En el primer cuatrimestre de este año, China mantuvo un volumen total de importación de carne vacuna superior al del mismo período anterior, aunque se observa una marcada caída en el ritmo mensual de compras. Tras un récord histórico en enero, cuando alcanzó 366 mil toneladas, las importaciones han caído progresivamente hasta estabilizarse en niveles cercanos a los 209 mil toneladas en abril, igualando las cifras de hace un año.
Este descenso en volumen contrasta con una notable subida del precio medio de la carne congelada sin hueso, el principal producto importado por China. Durante 2025, el valor fue subiendo de forma constante hasta superar los 6.000 dólares por tonelada a fines de año y superar en abril los 6.400 dólares, niveles históricos solo superados en un período anterior entre 2021 y 2022.
La evolución del precio refleja la correlación con la exportación brasileña, cuyo valor también ha aumentado en las últimas semanas, lo que deja abierta la posibilidad de que el precio de importación en China continúe creciendo. Sin embargo, esta subida coincide con cambios significativos en la composición del abastecimiento internacional de carne para el mercado chino.
Brasil, primer proveedor por volumen, muestra una caída constante en su participación de mercado durante este año, pasando del 62% a alrededor del 48% actual, aunque en el promedio del cuatrimestre sigue superando el nivel del año pasado. En contraste, Australia incrementó su presencia, alcanzando un 18% en abril, sobrepasando a Argentina, que se mantiene estable entre el 15 y el 18%. Uruguay y Nueva Zelandia conservan también su cuota habitual, mientras que Estados Unidos permanece casi ausente, en espera de resolver cuestiones arancelarias y habilitaciones de plantas.
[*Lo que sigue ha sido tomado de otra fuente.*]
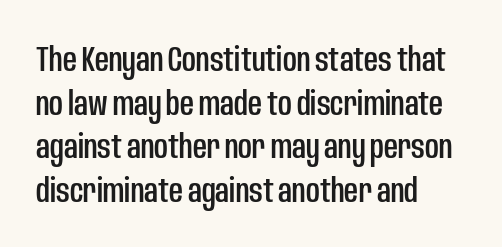
{"serif": "no", "italic": "no", "width": "condensed", "stroke_contrast": "low", "x_height": "large", "monospaced": "no", "underline": "no", "align": "left", "line_spacing": "normal", "line_spacing_ratio": 1.28, "letter_spacing": "normal", "letter_spacing_em": 0.0, "glyph_px": 34}
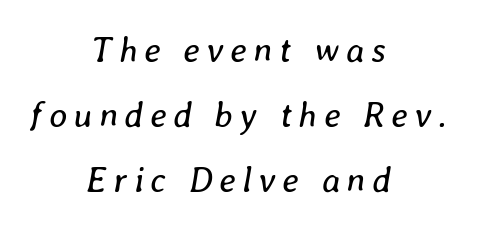
The image shows 35 px regular-weight type, italic (leaning right); set centered, line spacing 1.86x, not underlined; low stroke contrast and a medium x-height.
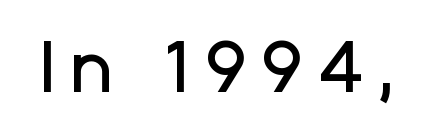
The image shows 74 px sans-serif type, upright; set not underlined; low stroke contrast and a medium x-height.
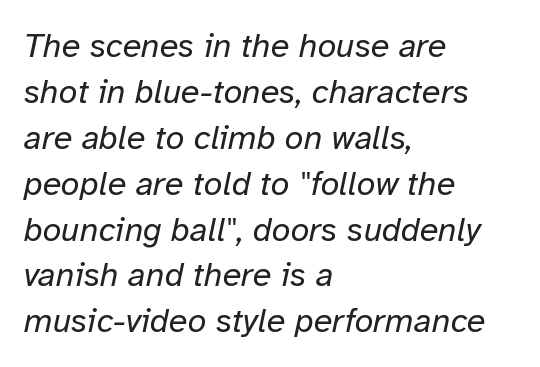
{"italic": "yes", "lean": "right", "slant_degrees": 12, "bold": "no", "weight": "regular", "width": "normal", "stroke_contrast": "low", "x_height": "medium", "monospaced": "no", "underline": "no", "align": "left", "line_spacing": "normal", "line_spacing_ratio": 1.35, "letter_spacing": "normal", "letter_spacing_em": 0.0, "glyph_px": 34}
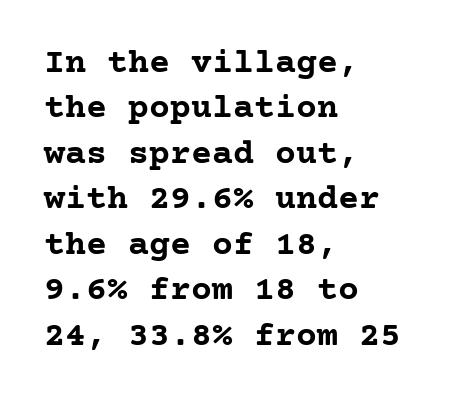
The image shows 35 px semibold serif type, upright; set left-aligned, normal line spacing (1.3x), normal letter spacing, not underlined; low stroke contrast and a medium x-height.
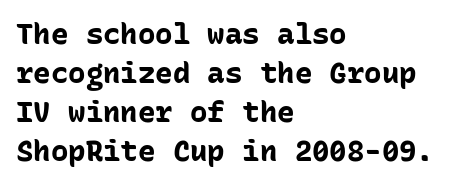
The designer went with a sans here, leaving each stem footless. The letters march in equal steps, a hallmark of fixed-pitch type. Has an underline been added? It has not. A dark, heavy texture on the line: the type is bold.
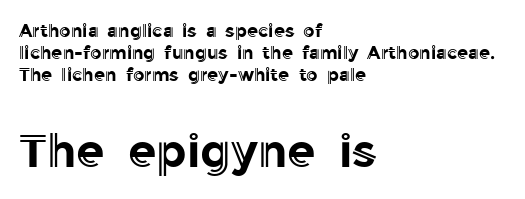
{"italic": "no", "width": "normal", "x_height": "medium", "monospaced": "no", "underline": "no", "align": "left", "line_spacing_ratio": 1.23, "letter_spacing": "normal", "letter_spacing_em": 0.0, "larger_block": "second", "size_ratio": 2.56, "glyph_px": 46}
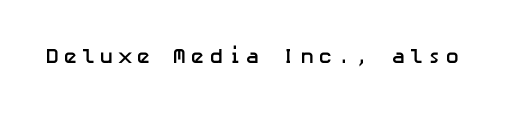
Posture: straight, roman, zero tilt. This is heavy type, rendered in bold. Bare-footed words on every line. The gaps between neighbouring characters are conspicuously large.
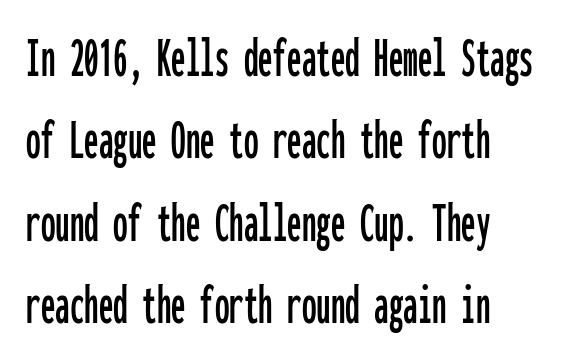
{"serif": "no", "italic": "no", "width": "condensed", "stroke_contrast": "low", "x_height": "medium", "monospaced": "yes", "underline": "no", "line_spacing": "normal", "line_spacing_ratio": 1.42, "letter_spacing": "normal", "letter_spacing_em": 0.0, "glyph_px": 58}
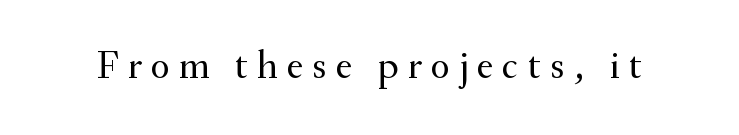
Q: Is the text bold? A: No.
Q: Is the text italic (slanted)? A: No, it is upright.
Q: Is the typeface a serif or a sans-serif typeface? A: Serif.
Q: Is the text underlined? A: No.
Q: Is the spacing between letters normal or unusually wide? A: Unusually wide.
Q: Width (condensed, normal, or wide)? A: Normal.
Q: Stroke contrast? A: Medium.
Q: x-height? A: Small.
Q: Monospaced? A: No.
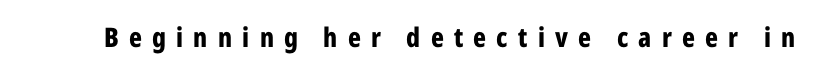
Q: Is the text bold? A: Yes.
Q: Is the text italic (slanted)? A: No, it is upright.
Q: Is the text underlined? A: No.
Q: Is the spacing between letters normal or unusually wide? A: Unusually wide.
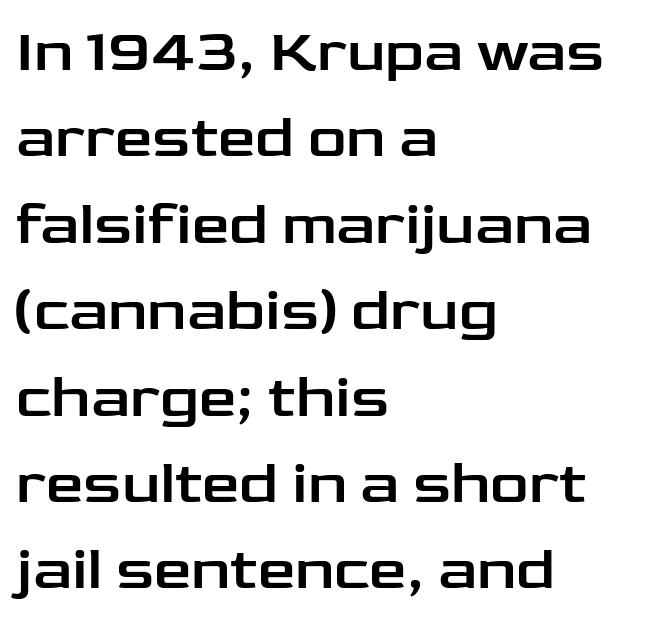
{"serif": "no", "italic": "no", "width": "wide", "stroke_contrast": "low", "x_height": "medium", "monospaced": "no", "underline": "no", "align": "left", "line_spacing": "normal", "line_spacing_ratio": 1.44, "letter_spacing": "normal", "letter_spacing_em": 0.0, "glyph_px": 60}
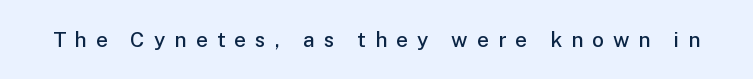
Q: Is the text bold? A: Semi-bold.
Q: Is the text italic (slanted)? A: No, it is upright.
Q: Is the text underlined? A: No.
Q: Is the spacing between letters normal or unusually wide? A: Unusually wide.
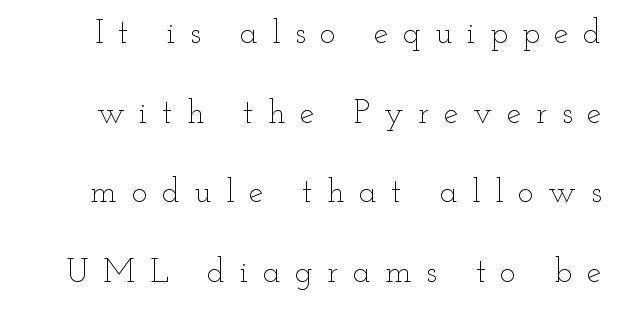
Weight: not bold — regular or lighter. There is plenty of visible air inserted between adjacent glyphs. The passage shown is not underscored anywhere. The face used here is proportionally spaced, like ordinary book or web type.
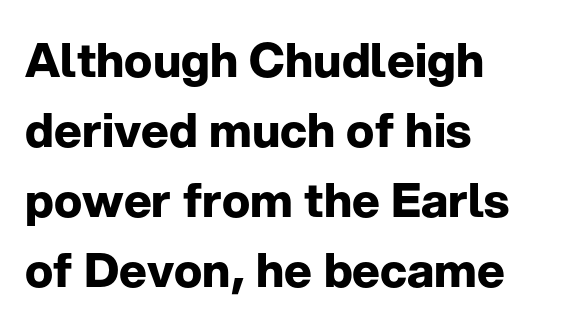
The image shows 47 px bold sans-serif type, upright; set left-aligned, normal line spacing (1.49x), normal letter spacing, not underlined; low stroke contrast and a medium x-height.
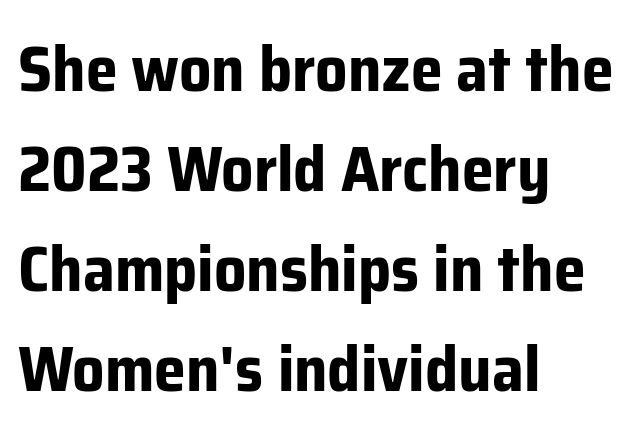
The image shows 64 px bold sans-serif type, upright; set left-aligned, normal line spacing (1.56x), normal letter spacing, not underlined; low stroke contrast and a medium x-height.
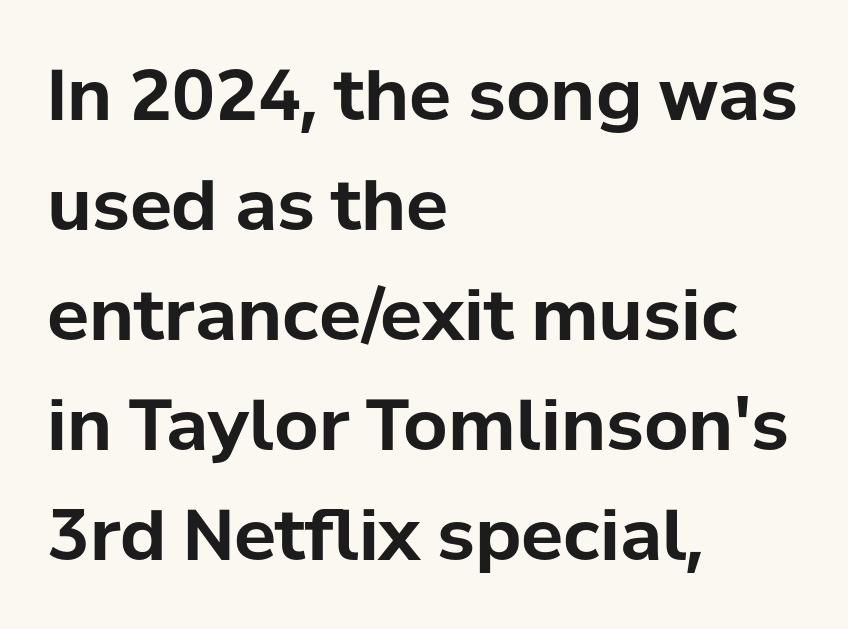
Q: Is the text bold? A: Yes.
Q: Is the text italic (slanted)? A: No, it is upright.
Q: Is the typeface a serif or a sans-serif typeface? A: Sans-serif.
Q: Is the text underlined? A: No.
Q: How is the paragraph aligned? A: Left-aligned.
Q: Is the spacing between letters normal or unusually wide? A: Normal.
Q: Is the spacing between lines tight, normal or loose? A: Normal.
Q: Width (condensed, normal, or wide)? A: Normal.
Q: Stroke contrast? A: Low.
Q: x-height? A: Medium.
Q: Monospaced? A: No.
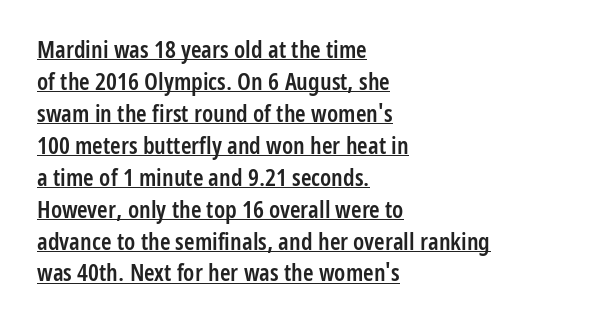
{"italic": "no", "bold": "semi", "underline": "yes", "align": "left", "line_spacing": "normal", "line_spacing_ratio": 1.33, "letter_spacing": "normal", "letter_spacing_em": 0.0, "glyph_px": 24}
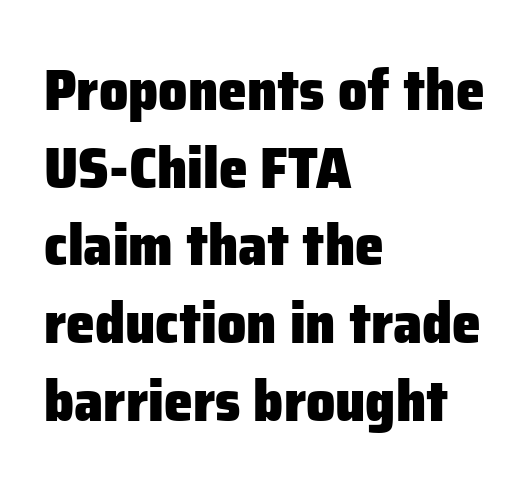
{"serif": "no", "italic": "no", "bold": "yes", "weight": "heavy", "width": "normal", "stroke_contrast": "low", "x_height": "medium", "monospaced": "no", "underline": "no", "align": "left", "line_spacing": "normal", "line_spacing_ratio": 1.34, "letter_spacing": "normal", "letter_spacing_em": 0.0, "glyph_px": 58}
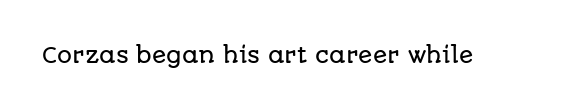
Q: Is the text italic (slanted)? A: No, it is upright.
Q: Is the text underlined? A: No.
Q: Is the spacing between letters normal or unusually wide? A: Normal.

Las cuotas de importación implantadas para cada país parecen estar cerca de agotarse, especialmente para Brasil y Australia. Según estimaciones basadas en los envíos recientes y futuros, Australia podría agotar su cuota tan pronto como en mayo y Brasil en junio, situación que conforma un desafío para estos proveedores, pues China es su principal cliente en el mercado de carne vacuna.